The records below are to be returned exactly as written, minus their pictures.

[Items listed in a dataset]
☆ ☆ ☆ ☆ ☆ ☆ ☆

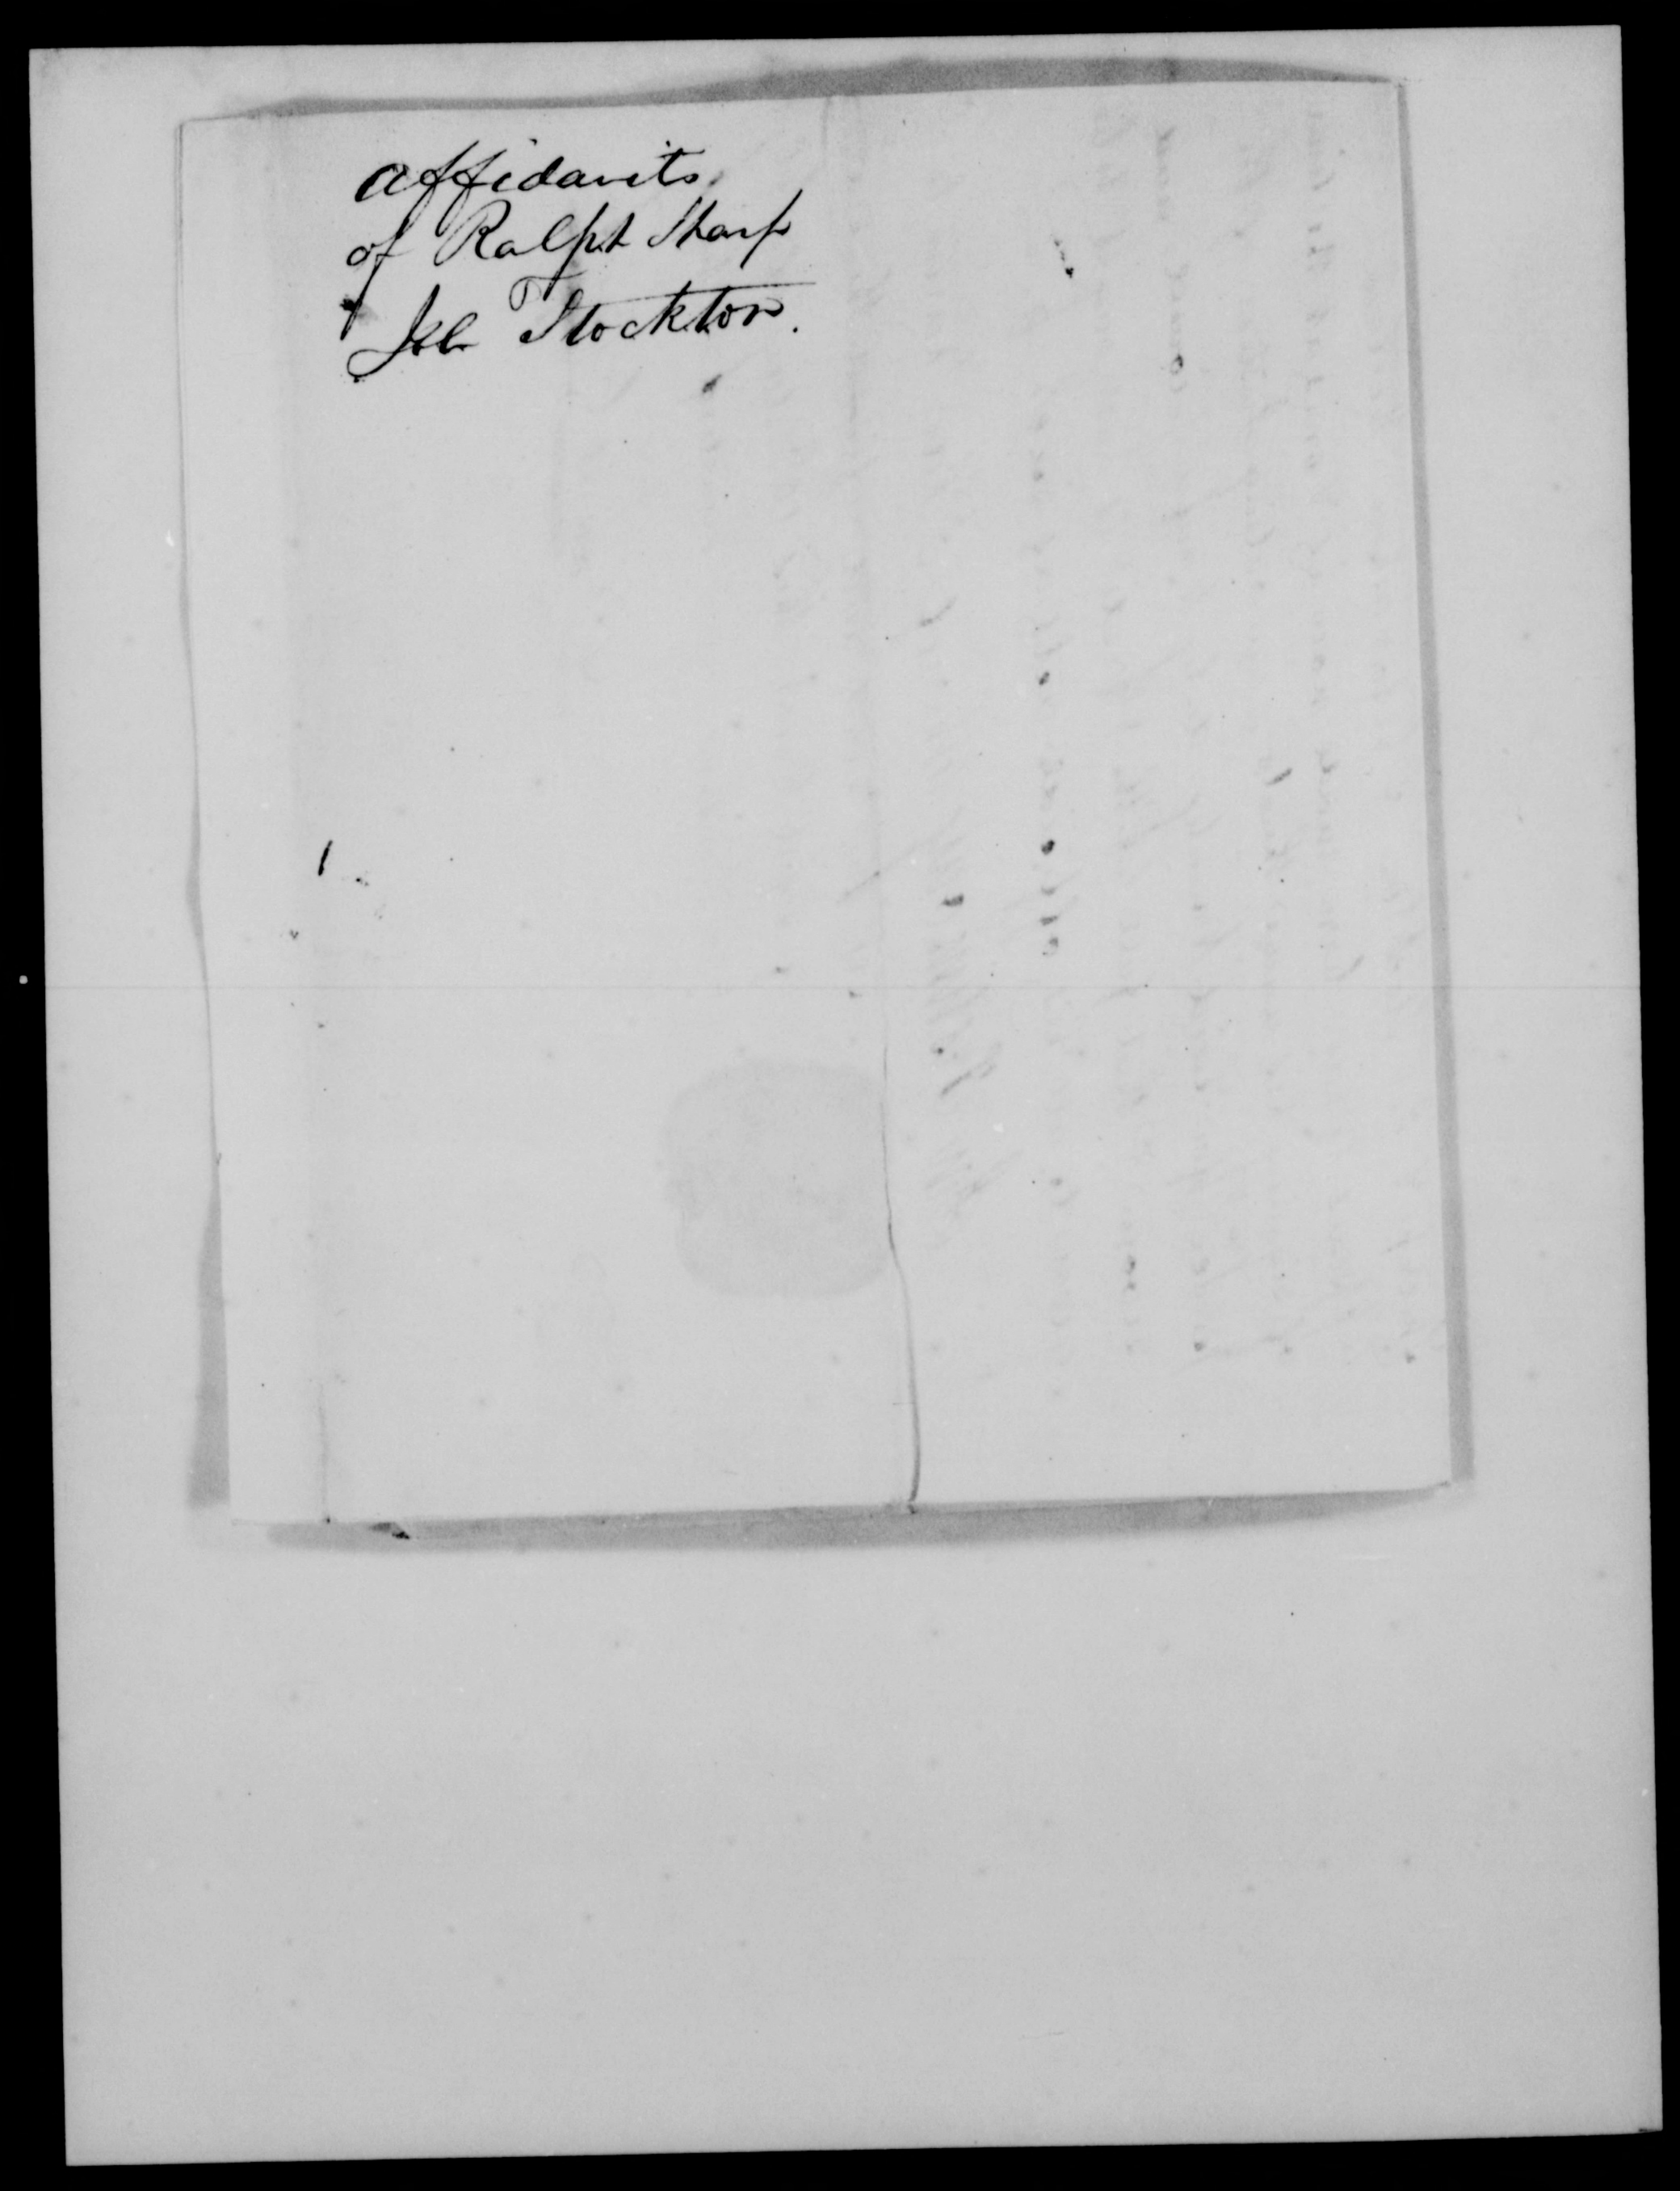Affidavits of Ralph Sharp & Job Stockton.

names: John Stockton; Ralph Sharp
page: 58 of 66
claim: survivor's
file: S 40458, for Obadiah Smith, New York
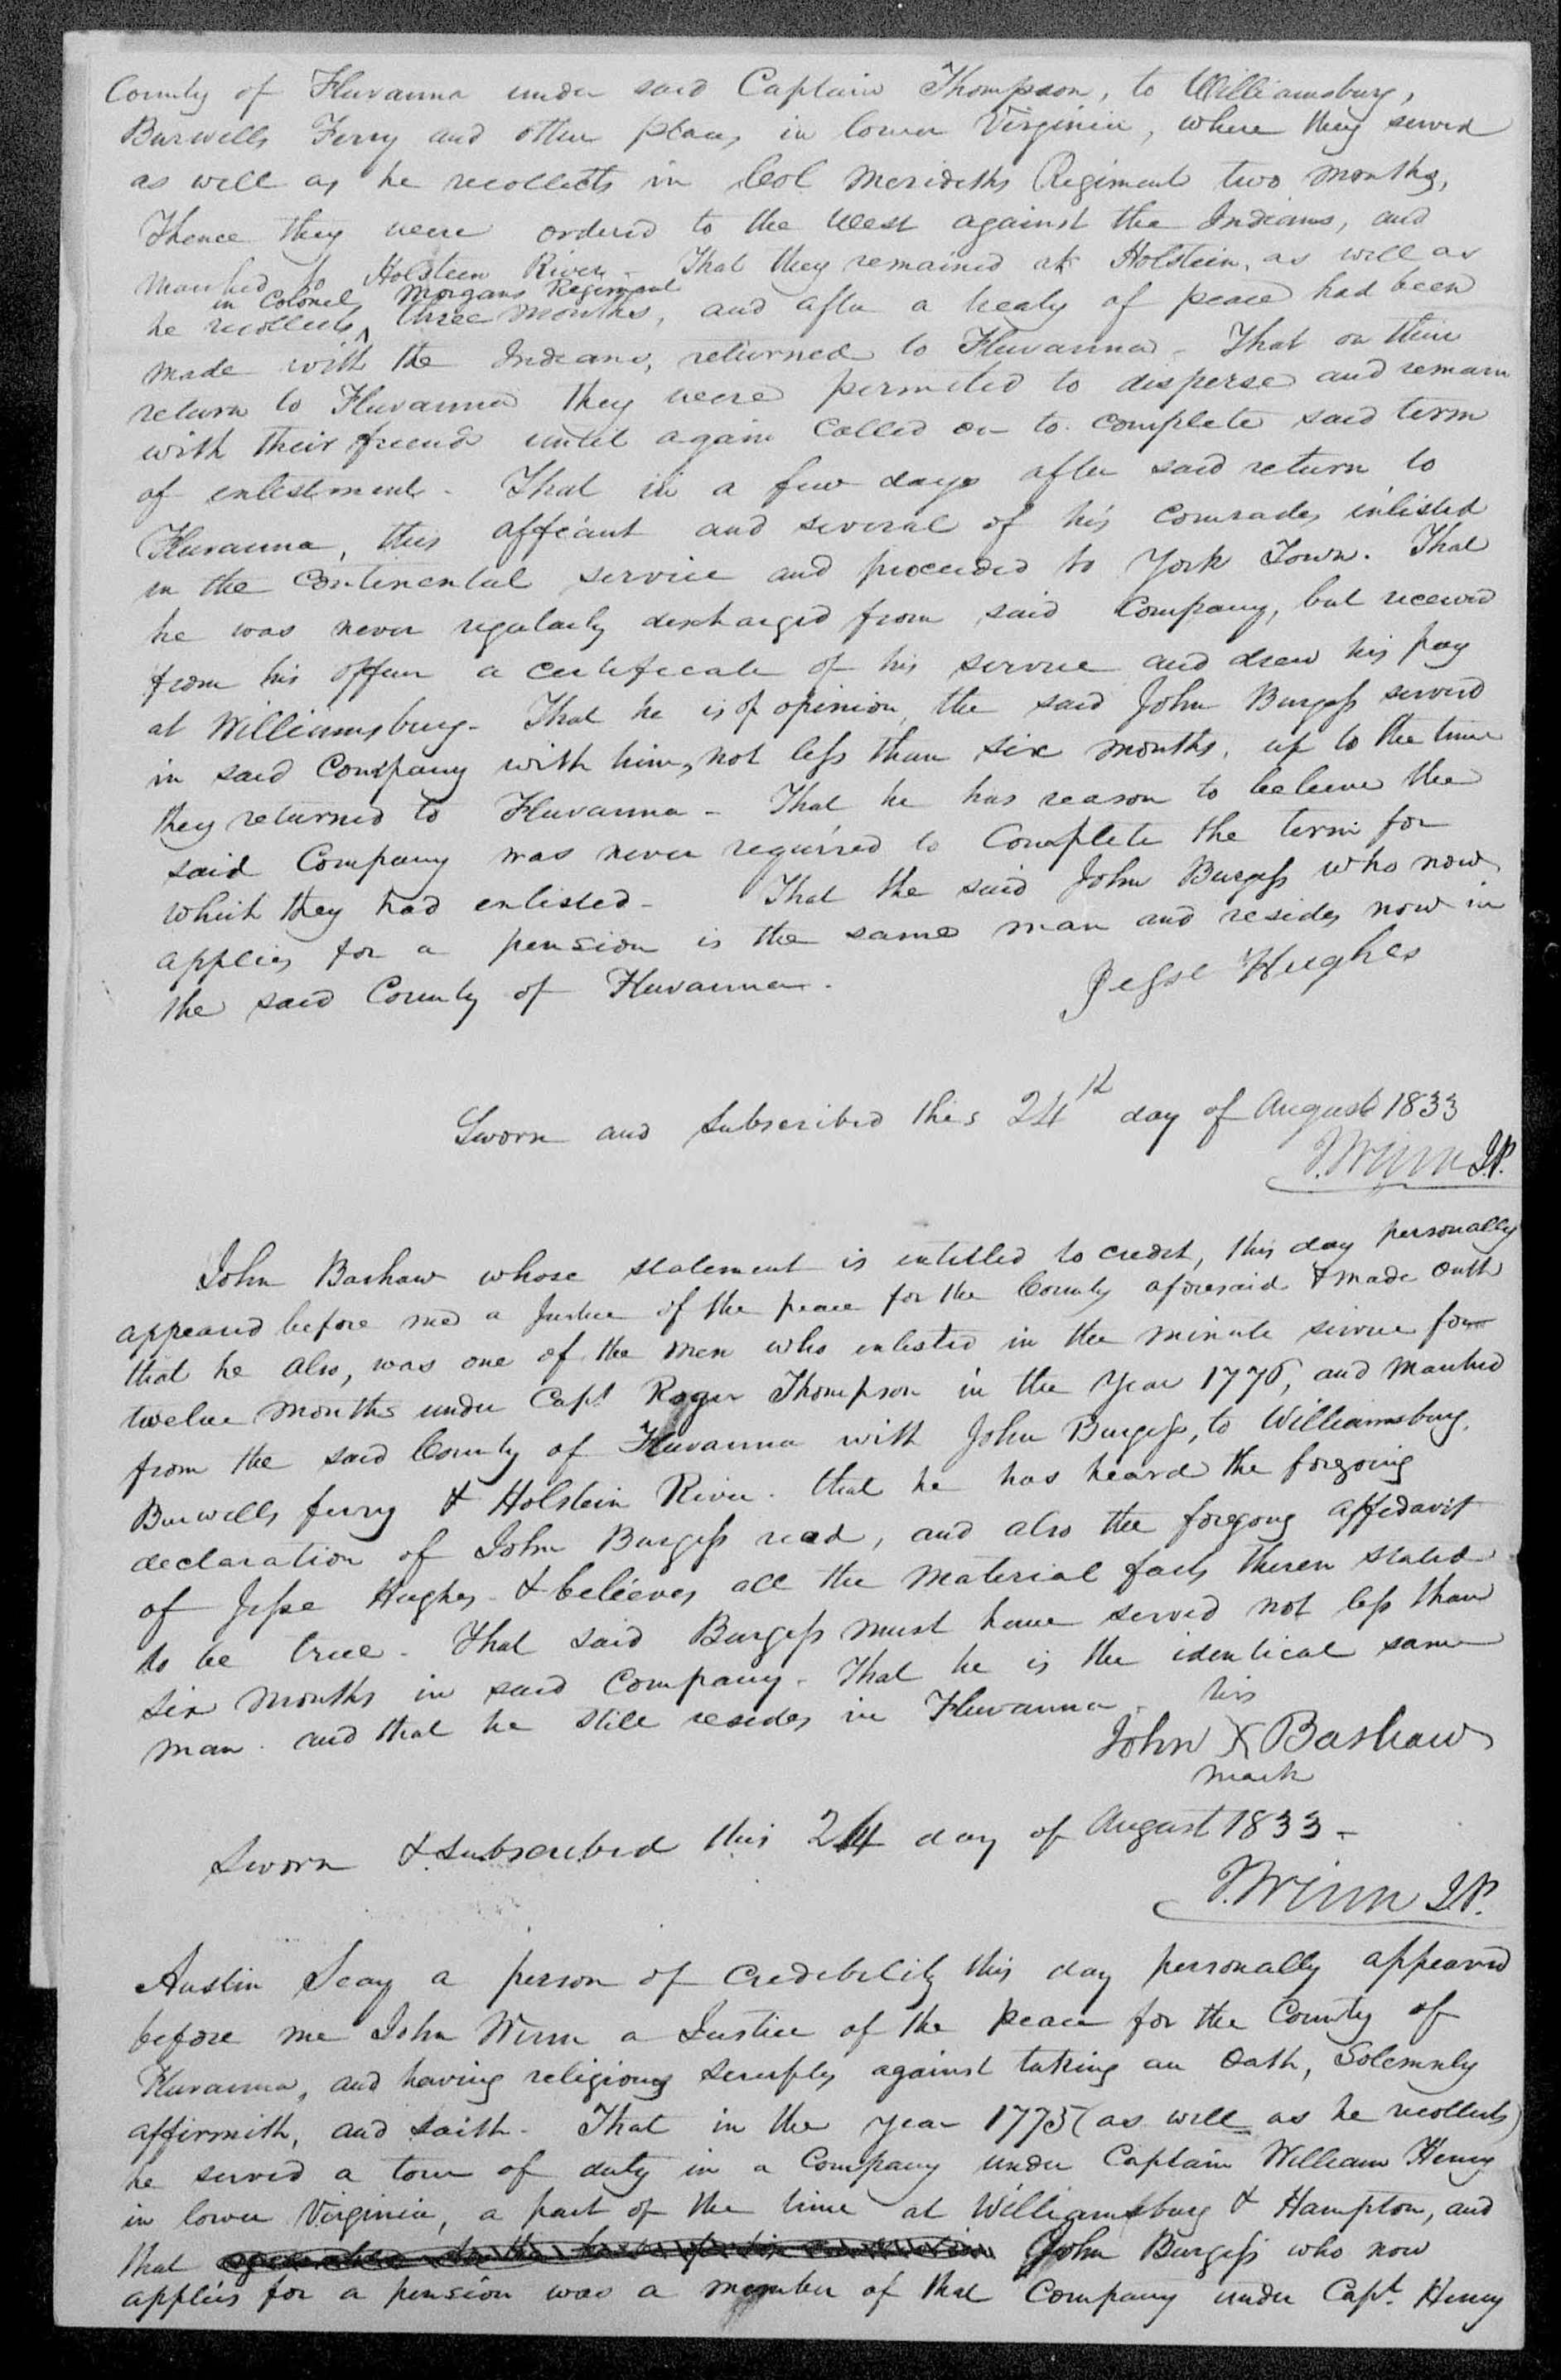County of Fluvanna under said Captain Thompson, to Williamsburg, Barwells Ferry and other places in lower Virginia, where they served as well as he recollects in Col Merideths Regiment two months, Thence they were ordered to the West against the Indians, and marched to Hosteen River.  That they remained at Holstein, as well as he recalls in Colonel Morgans Regiment, three months, and after a treaty of peace had been made with the Indians, returned to Fluvanna.  That on their return to Fluvanna they were permitted to disperse and remain with their friends until again called on to complete said term of enlistment.  That in a few days after said return to Fluvanna, this affiant and several of his comrades enlisted in the Continental service and proceeded to York Town.  That he was never regularly discharged from said company, but secured from his officer a certificate of his service and drew his pay at Williamsburg.  That he is of opinion, the said John Burgess served in said company with him not less than six months, up to the time they returned to Fluvanna - That he has reason to believe the said Company was never required to Complete the term for which they had enlisted.  That the said John Burgess who now applies for a pension is the same man and resides now in the said County of Fluvanna.
Jesse Hughes
Sworn and Subscribed this 24th day of August 1833
J Winn JP

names: John Burgess, Thompson, Roger Thompson, Austin Seay, John Burgess, William Henry, John Burgess, Jesse Hughes, Henry, John Barhaw, John Bashaw, Burgess, J Winn, John Winn, John Burgess, J Winn, John Burgess
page: 11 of 16
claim: survivor's
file: S. 8113, John Burgess, Va.

☆ ☆ ☆ ☆ ☆ ☆ ☆

Task output:
Affidavits of Ralph Sharp & Job Stockton.

names: John Stockton; Ralph Sharp
page: 58 of 66
claim: survivor's
file: S 40458, for Obadiah Smith, New York
County of Fluvanna under said Captain Thompson, to Williamsburg, Barwells Ferry and other places in lower Virginia, where they served as well as he recollects in Col Merideths Regiment two months, Thence they were ordered to the West against the Indians, and marched to Hosteen River.  That they remained at Holstein, as well as he recalls in Colonel Morgans Regiment, three months, and after a treaty of peace had been made with the Indians, returned to Fluvanna.  That on their return to Fluvanna they were permitted to disperse and remain with their friends until again called on to complete said term of enlistment.  That in a few days after said return to Fluvanna, this affiant and several of his comrades enlisted in the Continental service and proceeded to York Town.  That he was never regularly discharged from said company, but secured from his officer a certificate of his service and drew his pay at Williamsburg.  That he is of opinion, the said John Burgess served in said company with him not less than six months, up to the time they returned to Fluvanna - That he has reason to believe the said Company was never required to Complete the term for which they had enlisted.  That the said John Burgess who now applies for a pension is the same man and resides now in the said County of Fluvanna.
Jesse Hughes
Sworn and Subscribed this 24th day of August 1833
J Winn JP

names: John Burgess, Thompson, Roger Thompson, Austin Seay, John Burgess, William Henry, John Burgess, Jesse Hughes, Henry, John Barhaw, John Bashaw, Burgess, J Winn, John Winn, John Burgess, J Winn, John Burgess
page: 11 of 16
claim: survivor's
file: S. 8113, John Burgess, Va.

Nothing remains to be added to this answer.